One of the women, Svitlana, said: “When we came here our life changed because it’s a new tradition for us and another language.”

Larysa said different traditions were true of Christmas too, explaining: “We have different dishes, usually it’s 12 different dishes, and we have a special song.”

In traditional Orthodox culture, the song kolyadka is sung every time someone enters a house as a wish for good health, prosperity, and well-being.

Larysa said she would regularly prepare a “special dinner” of carp for the big day.

Both women have found jobs, and the children go to school, they say those who have welcomed them to the UK are “very nice people.

Activists in Ukraine reported an exodus of 5 million citizens within one year. According to the Guardian, Kyiv had 1.9 million more residents than in the previous year, which means shifts in major cities can test urban planning limits. Countries with high demand for real estate that peaked around December are scrambling for apartments for their displaced due to these mass population movements.

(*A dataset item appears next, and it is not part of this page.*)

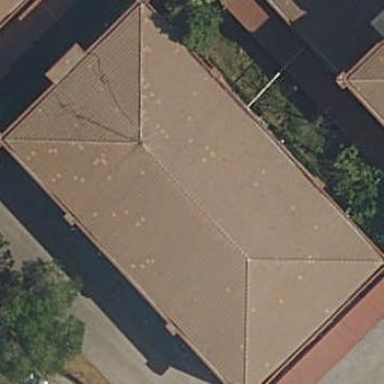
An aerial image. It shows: School building.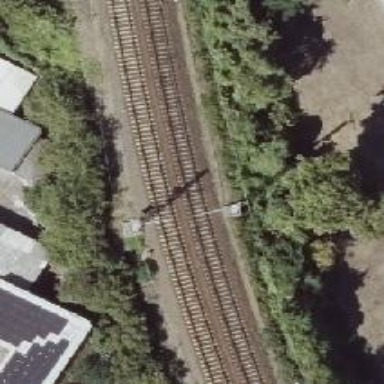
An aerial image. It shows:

The headline of this news story outlines a story about a mass population movement in Ukraine that has been caused by political unrest. Throughout history, right-wing forces have perpetrated corruption and massacres against civilians, which has horrified the people and revealed the power of manipulation associated with public discourse.

Global migration trends, population movements because of war, or lack of sustainable economic prospects force us to question our place in a rapidly changing world and food insecurity or displacement becomes not only an issue but also part of human rights itself. 

The UN Committee on Economic, Social, and Cultural Rights has stipulated that:“…the right to food is a human right. States must ensure access by their populations to adequate food through national and international cooperation.” People must become aware of their rights and abilities as citizens to help alleviate food insecurity.

After moving into the building that she recently rented, Rahel returned to Kyiv and shared the Christmas spirit with their new neighbors.

The story of Rahel and her family illustrates how Christmas was celebrated through migration, resettlement, and new language learning.

It’s Christmas time. The holiday season is going to be busy and trying for people who are new refugees. But the task of making a party wouldn’t be that hard – right?

Tonight, my host family and friends make sure I get through my first Christmas as an immigrant without a job or money to gift others. That night I start with an eggnog cocktail and yolk-covered turkey legs but never let any food touch my lips until I am well past full.06/27I finally sleep through the night without having nightmares about being deported.

About the author

Marta Lopez

I am a content writer and I write articles on sports, news, business etc.